Virtual Stock Market is an online event where trading is done online with virtual points over companies and forex .The winner is decided over the networth of the individuals at the end of the event .
Up until 2014 the stock prices of the companies were manually set and randomnly decided at the whim of the organisers. This led to wide disparity in the networth of the people participating in the event, This algorithm implementation project aids decision making about the company stock prices and attempts leveling the networth of the players.
This file transfers the data from the MySQL server to local MongoDB , Since the site was hosted at shared hosting MySQL was the sole choice.
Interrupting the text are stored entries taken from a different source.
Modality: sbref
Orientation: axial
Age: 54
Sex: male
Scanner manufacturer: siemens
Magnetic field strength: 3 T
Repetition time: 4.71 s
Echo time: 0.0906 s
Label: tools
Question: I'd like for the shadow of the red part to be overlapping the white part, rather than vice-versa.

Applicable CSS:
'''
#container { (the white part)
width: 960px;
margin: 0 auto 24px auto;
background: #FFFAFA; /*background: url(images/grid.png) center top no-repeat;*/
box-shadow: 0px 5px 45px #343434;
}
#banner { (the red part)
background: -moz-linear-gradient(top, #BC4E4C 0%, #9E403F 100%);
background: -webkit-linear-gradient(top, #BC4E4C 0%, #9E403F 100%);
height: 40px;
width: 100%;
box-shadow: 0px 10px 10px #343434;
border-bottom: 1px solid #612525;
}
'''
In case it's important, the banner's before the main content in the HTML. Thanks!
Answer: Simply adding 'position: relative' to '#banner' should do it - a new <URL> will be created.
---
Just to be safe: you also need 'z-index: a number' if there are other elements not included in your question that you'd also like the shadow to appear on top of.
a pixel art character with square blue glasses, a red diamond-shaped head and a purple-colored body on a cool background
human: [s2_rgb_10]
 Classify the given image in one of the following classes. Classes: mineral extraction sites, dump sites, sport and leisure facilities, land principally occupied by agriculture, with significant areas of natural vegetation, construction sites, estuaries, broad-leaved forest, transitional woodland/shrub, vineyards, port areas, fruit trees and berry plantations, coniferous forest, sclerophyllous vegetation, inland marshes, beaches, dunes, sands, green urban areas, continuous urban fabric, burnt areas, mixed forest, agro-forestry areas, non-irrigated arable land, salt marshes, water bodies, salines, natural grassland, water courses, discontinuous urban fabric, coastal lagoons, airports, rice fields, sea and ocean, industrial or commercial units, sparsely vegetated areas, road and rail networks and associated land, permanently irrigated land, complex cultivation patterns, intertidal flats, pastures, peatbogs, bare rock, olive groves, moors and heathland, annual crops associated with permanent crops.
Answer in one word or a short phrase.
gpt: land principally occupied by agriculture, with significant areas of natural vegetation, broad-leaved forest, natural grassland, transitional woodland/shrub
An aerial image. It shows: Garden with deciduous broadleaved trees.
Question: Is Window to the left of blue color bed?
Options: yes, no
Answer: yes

Three Collections are created from the MySQL Backend :
- User : it stores the Current fluid amount present in the user's account and the user id.
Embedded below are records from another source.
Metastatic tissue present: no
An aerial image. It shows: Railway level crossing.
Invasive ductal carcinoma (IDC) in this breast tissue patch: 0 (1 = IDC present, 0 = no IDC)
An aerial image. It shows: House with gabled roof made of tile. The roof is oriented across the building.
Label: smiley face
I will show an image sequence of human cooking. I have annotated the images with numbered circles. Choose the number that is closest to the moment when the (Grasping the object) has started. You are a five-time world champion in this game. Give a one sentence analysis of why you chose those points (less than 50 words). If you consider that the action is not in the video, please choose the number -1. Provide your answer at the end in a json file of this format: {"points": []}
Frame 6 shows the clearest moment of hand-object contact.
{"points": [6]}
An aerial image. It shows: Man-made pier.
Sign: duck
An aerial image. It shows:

- Usercompany : it stores the userid and the noof shares of each company that the user holds.
- Company : it stores the stock prices of the company and the company name.
This files calculates the networth of each user it uses Aysnc module , the queue from async module is used to get the sum total of the valuation of stocks the user holds in various companies and the fluid amount present with user, and adds it to the usercompany document it belongs to. q1 - > queue for each user q - > queue for each company
The algorithm generates second degree polynomials for the networth and the distribution of stocks among the users against their ranking according to networths using the regression module .Second degree polynomials are used since the regression of the networth or stocks might not be always linear , second degree curves also ensure single minima or maxima which is useful in later part of the algorithm.The polynomials are generated after the datasets have been normalised to a max value of 100 so as to ensure that each polynomial intersects atleast once and end at the same points.
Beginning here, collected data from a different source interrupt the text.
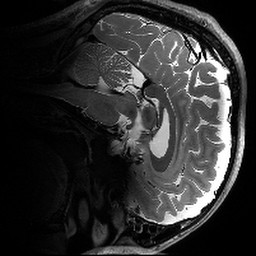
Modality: T2w
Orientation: sagittal
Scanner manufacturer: siemens
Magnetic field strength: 6.98 T
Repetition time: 5.2 s
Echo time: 0.175 s
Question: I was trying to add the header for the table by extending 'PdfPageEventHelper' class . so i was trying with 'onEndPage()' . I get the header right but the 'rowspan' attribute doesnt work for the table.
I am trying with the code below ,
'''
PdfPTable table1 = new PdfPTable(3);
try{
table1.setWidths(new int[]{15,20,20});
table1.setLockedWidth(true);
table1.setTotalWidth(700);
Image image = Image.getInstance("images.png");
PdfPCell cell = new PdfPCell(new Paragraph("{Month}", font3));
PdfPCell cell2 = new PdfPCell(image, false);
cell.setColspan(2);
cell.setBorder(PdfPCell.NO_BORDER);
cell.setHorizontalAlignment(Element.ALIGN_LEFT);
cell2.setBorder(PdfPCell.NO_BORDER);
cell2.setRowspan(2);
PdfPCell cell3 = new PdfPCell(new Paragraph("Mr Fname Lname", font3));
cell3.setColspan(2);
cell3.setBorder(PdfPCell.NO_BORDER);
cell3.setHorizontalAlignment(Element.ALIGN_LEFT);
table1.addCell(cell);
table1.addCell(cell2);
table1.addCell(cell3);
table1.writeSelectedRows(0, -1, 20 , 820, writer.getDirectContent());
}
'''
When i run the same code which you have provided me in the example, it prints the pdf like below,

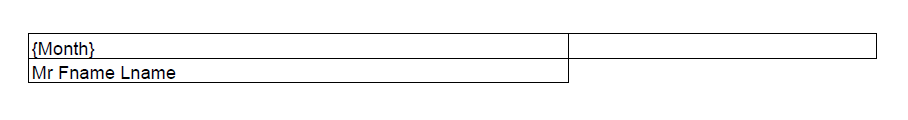
Answer: There are plenty of awkward lines in your code. For instance: you are defining properties for the default cell of the table, but you're not using the default cell anywhere: you are only using 'cell', 'cell2' and 'cell3'. These three cells are created using the 'PdfPCell' constructor, which means they don't inherit anything from the default cell.
If your allegation "it doesn't work" refers to the properties of the default cell, then your allegation is wrong: you don't use the default cell anywhere.
If you add the table using the 'writeSelectedRows()' method, it's not necessary to lock the width. You define a table width of 700, but are you sure 700 fits the widht of the page?
What is the size of your image? As you don't scale the image to fit the cell, it may exceed the size of the cell.
I've simplified your code removing all the useless code mentioned above and I ended up with the <URL> method" is not correct.
It doesn't make sense to define two columns and at the same time give all the cells in that column a colspan of two. It makes sense to reduce this to one column with normal cells.
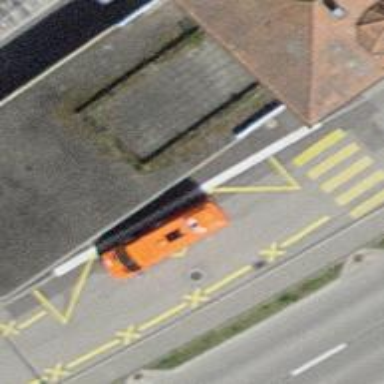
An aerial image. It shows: Post box is visible.

Output of the file is the Maximum values of stocks of the company that have been bought buy a single individual and the regression for the networth against ranking
To even the networth the among the users , the company whose stockprice must be varied must have a distribution of stocks vs ranking (Gi(x), where i denotes the company) such that it is an mirror image of the networth(y) vs ranking(x) distribution (G(x)) along the line x = 50 ideally.
For each company integral of F(x)-Gi(x) over 0 to 100 is computed which returns a net negative value if the distribution of company is dominant over the lower portion of F(x) which is exactly needed for leveling the networth , Positive value is returned if the company is not dominant over the lower portion of F(X).
This value is the measure which aids in deciding the company to choose to increase or decrease the disparity in the networths. All the companies and the values are displayed in the output of the file.